From: EdStevens <quetico_man_at_yahoo.com>
Date: 20 Mar 2006 07:40:17 -0800
Message-ID: <1142869217.242054.294390@i40g2000cwc.googlegroups.com>


Subject: Strange behavior - recursive sql Platform: Oracle 9.2.0.6.0 on Solaris 9

In assisting a developer trying to track down a performance issue, I set up an 'on logon' trigger to start a 10046 trace, then fed the trace file thru tkprof. An analysis of the results solved our problem, but raised a few questions.

What we found in looking at the 'before' trace was that most of the time was spent on this statement:

UPDATE "NMM"."POSTING_DETAIL" set "PSTDTL_PSTSUM_TS" = null where "PSTDTL_PSTSUM_TS" = :1

The explain plan showed a full table scan, with 200,170 waits on db file scattered read and another 93,195 waits on db file sequential read.

Two things were VERY strange about this. First, tkprof showed the parsing user id to be SYS, with a recursive depth of 2. We don't understand what we could have done to cause this kind of statement to show up as recursive SQL. The developer scanned the procedure to confirm that he is not issuing this statement.
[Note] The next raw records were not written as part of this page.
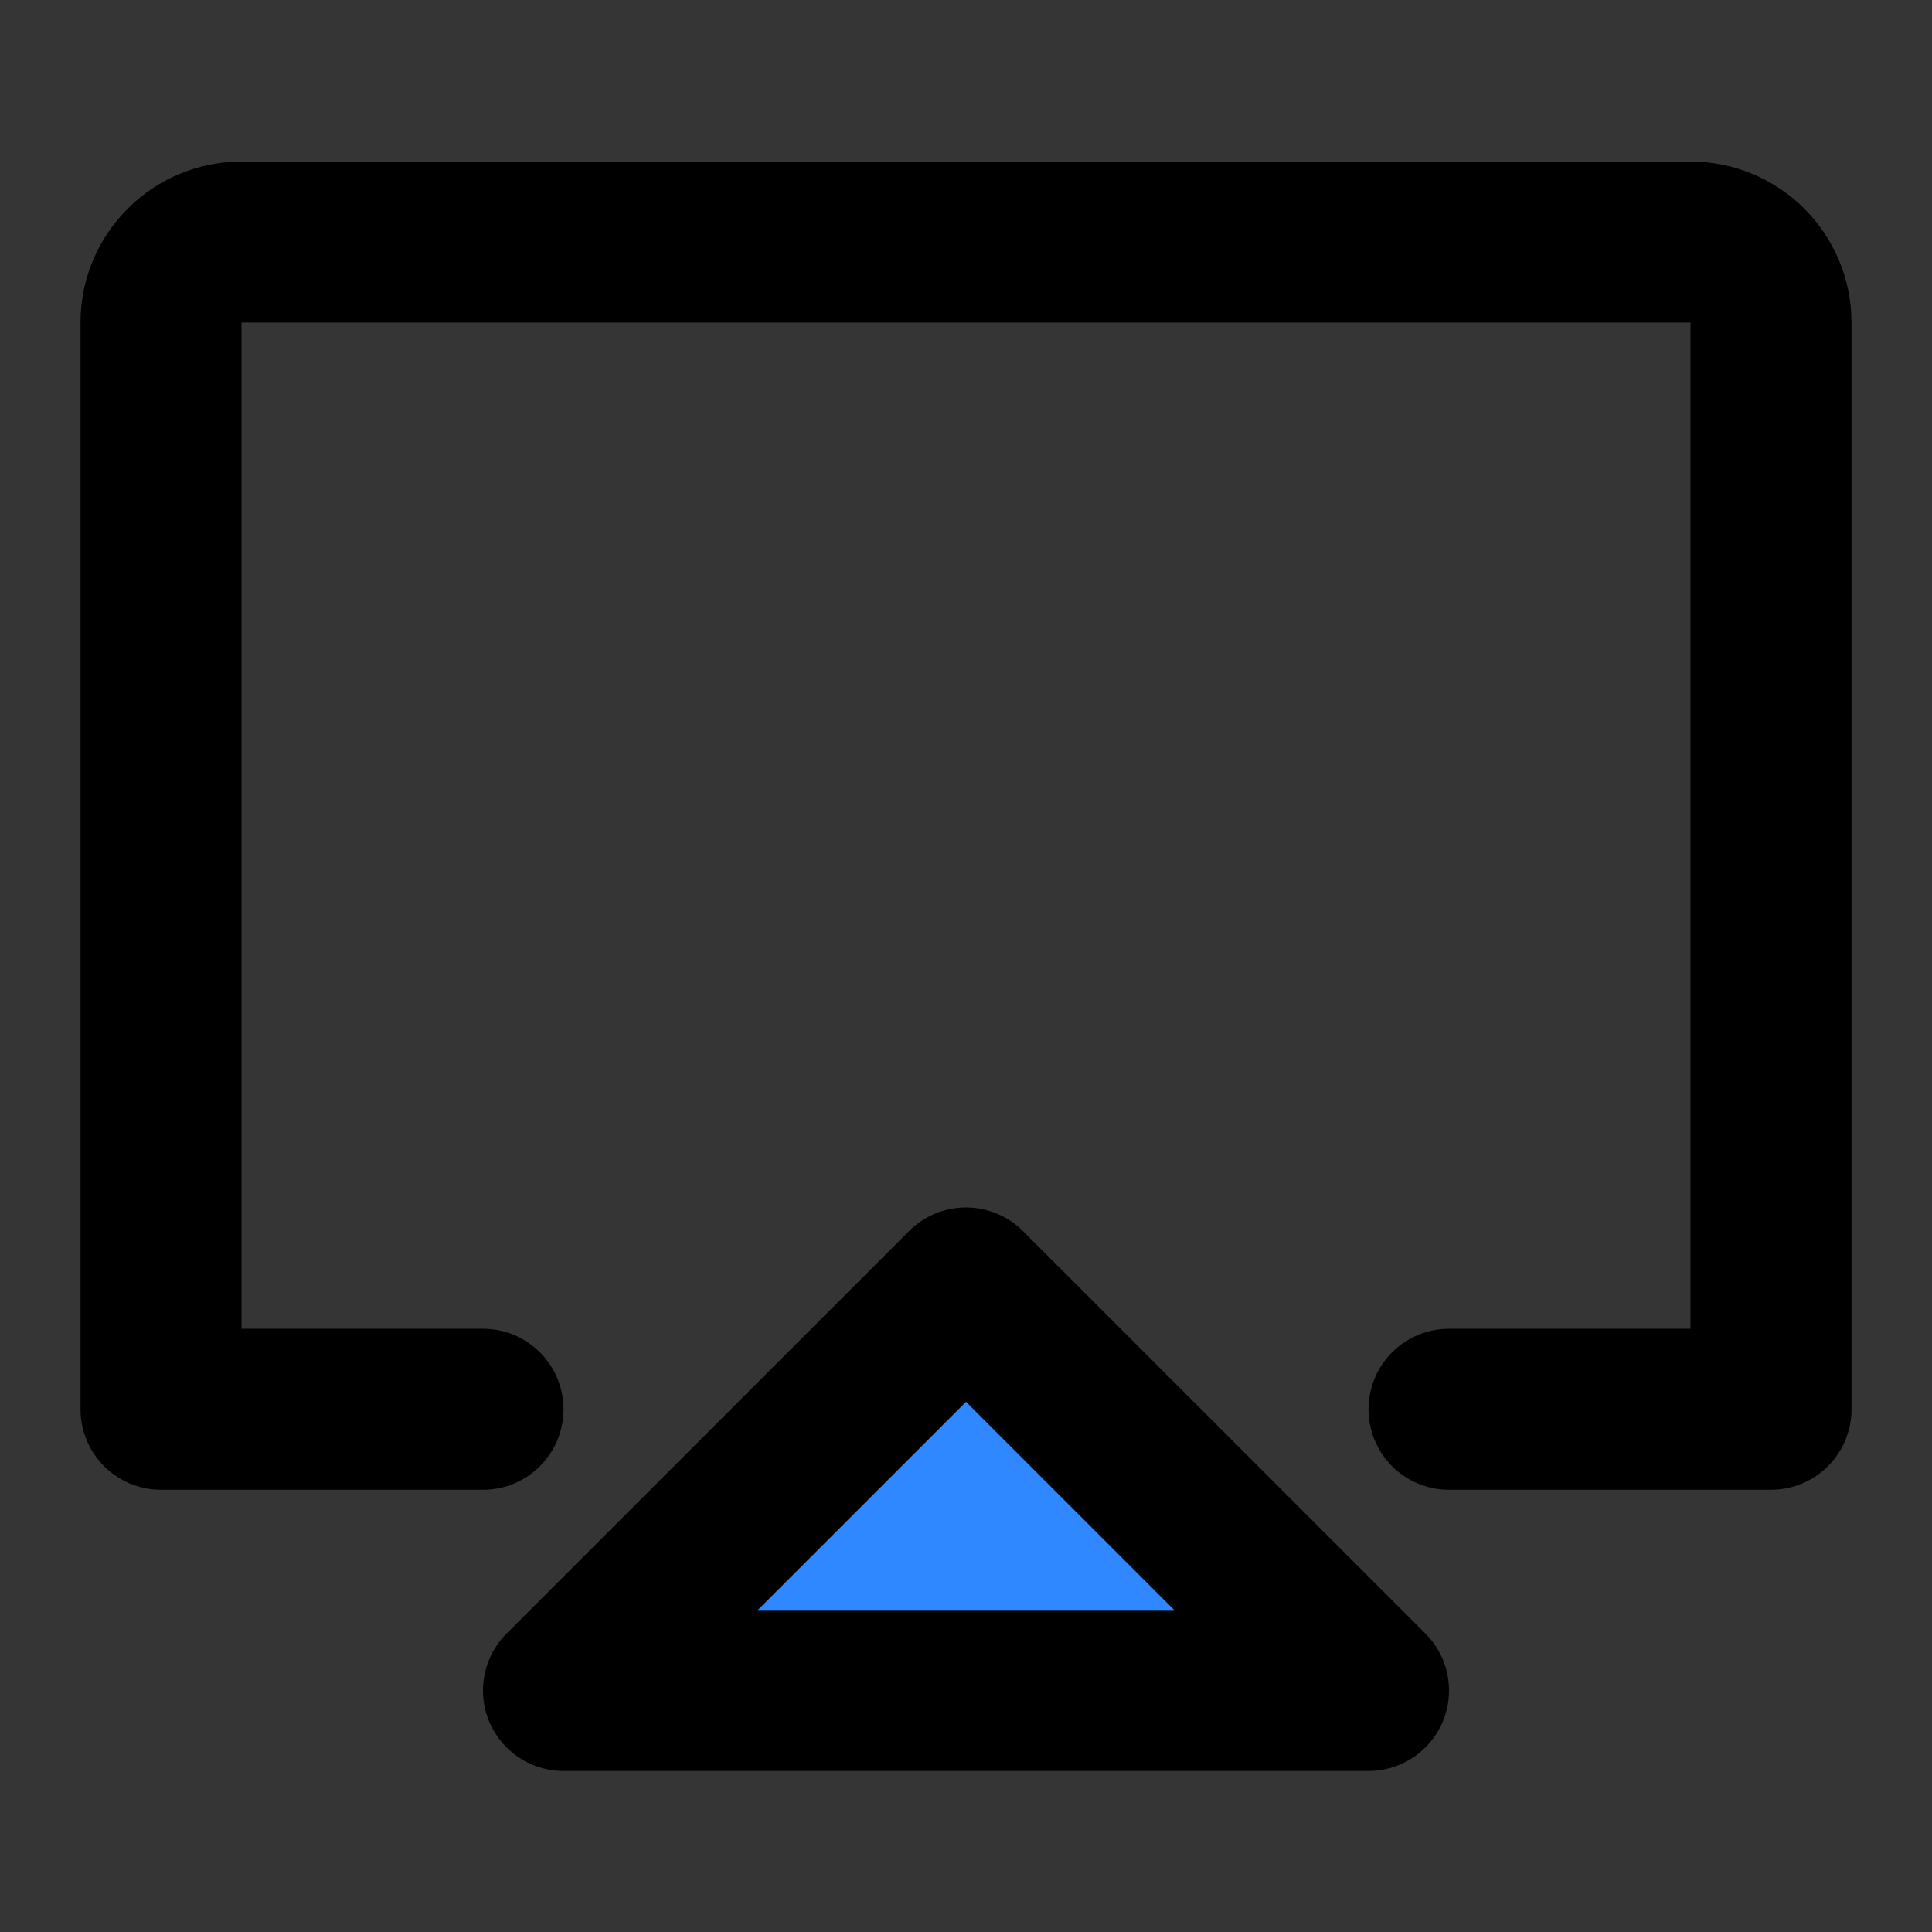 <?xml version="1.0" encoding="utf-8"?>
<svg width="800px" height="800px" viewBox="0 0 48 48" fill="none" xmlns="http://www.w3.org/2000/svg">
<rect x="0" y="0" width="48" height="48" fill="#333333" stroke="none"/>
<rect width="48" height="48" fill="white" fill-opacity="0.01"/>
<path d="M12 35.014H9H4V8.013C4 6.909 4.895 6.014 6 6.014H42C43.105 6.014 44 6.909 44 8.013V35.014H36" stroke="#000000" stroke-width="4" stroke-linecap="round" stroke-linejoin="round"/>
<path d="M24 32L14 42H34L24 32Z" fill="#2F88FF" stroke="#000000" stroke-width="4" stroke-linejoin="round"/>
</svg>

Second, the column PSTDTL_PSTSUM_TS that this statement is setting to null has a NOT NULL constraint! Am I losing my mind?

While we couldn't figure out what was going on, we decided to try throwing an index on the column referenced by the WHERE clause and re-ran the test. This time, the procedure ran much faster. However, when we looked to see the performance of the problem query described above, we found that it had disappeared completely. There was no such query shown in the tkprof report.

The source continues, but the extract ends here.